(Source data):
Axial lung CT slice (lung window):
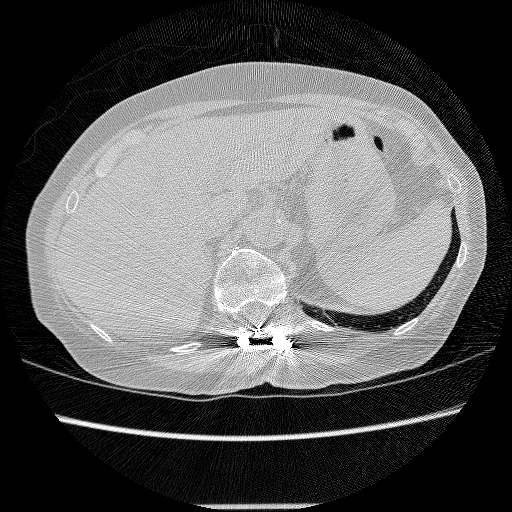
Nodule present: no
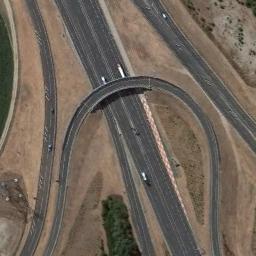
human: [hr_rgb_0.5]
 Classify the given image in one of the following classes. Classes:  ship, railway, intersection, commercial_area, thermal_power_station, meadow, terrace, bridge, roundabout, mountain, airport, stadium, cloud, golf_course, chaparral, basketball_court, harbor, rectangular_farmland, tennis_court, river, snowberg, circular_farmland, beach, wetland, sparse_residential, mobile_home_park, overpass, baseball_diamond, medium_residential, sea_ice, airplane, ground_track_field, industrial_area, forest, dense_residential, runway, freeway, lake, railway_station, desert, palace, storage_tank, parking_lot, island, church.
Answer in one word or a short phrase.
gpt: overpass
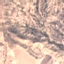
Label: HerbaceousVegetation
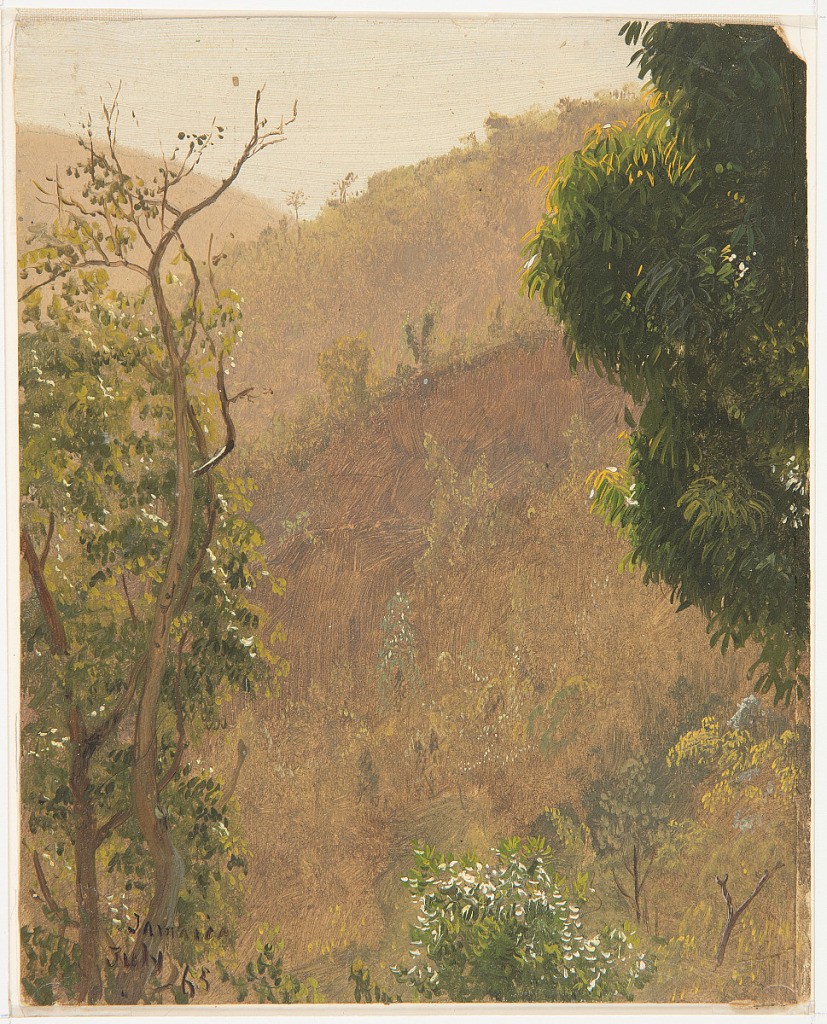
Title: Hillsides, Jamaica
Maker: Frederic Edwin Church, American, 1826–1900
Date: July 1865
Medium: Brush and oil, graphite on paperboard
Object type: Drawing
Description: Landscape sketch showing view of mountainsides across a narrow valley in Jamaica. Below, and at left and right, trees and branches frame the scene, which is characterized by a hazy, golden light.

(Work item):
Starting from the line that has "Nodule present: no" and ending at the last line of the material above, every line should be output exactly; pictures are dropped and nothing else appears.

(Solution to this exercise):
Nodule present: no
human: [hr_rgb_0.5]
 Classify the given image in one of the following classes. Classes:  ship, railway, intersection, commercial_area, thermal_power_station, meadow, terrace, bridge, roundabout, mountain, airport, stadium, cloud, golf_course, chaparral, basketball_court, harbor, rectangular_farmland, tennis_court, river, snowberg, circular_farmland, beach, wetland, sparse_residential, mobile_home_park, overpass, baseball_diamond, medium_residential, sea_ice, airplane, ground_track_field, industrial_area, forest, dense_residential, runway, freeway, lake, railway_station, desert, palace, storage_tank, parking_lot, island, church.
Answer in one word or a short phrase.
gpt: overpass
Label: HerbaceousVegetation
Title: Hillsides, Jamaica
Maker: Frederic Edwin Church, American, 1826–1900
Date: July 1865
Medium: Brush and oil, graphite on paperboard
Object type: Drawing
Description: Landscape sketch showing view of mountainsides across a narrow valley in Jamaica. Below, and at left and right, trees and branches frame the scene, which is characterized by a hazy, golden light.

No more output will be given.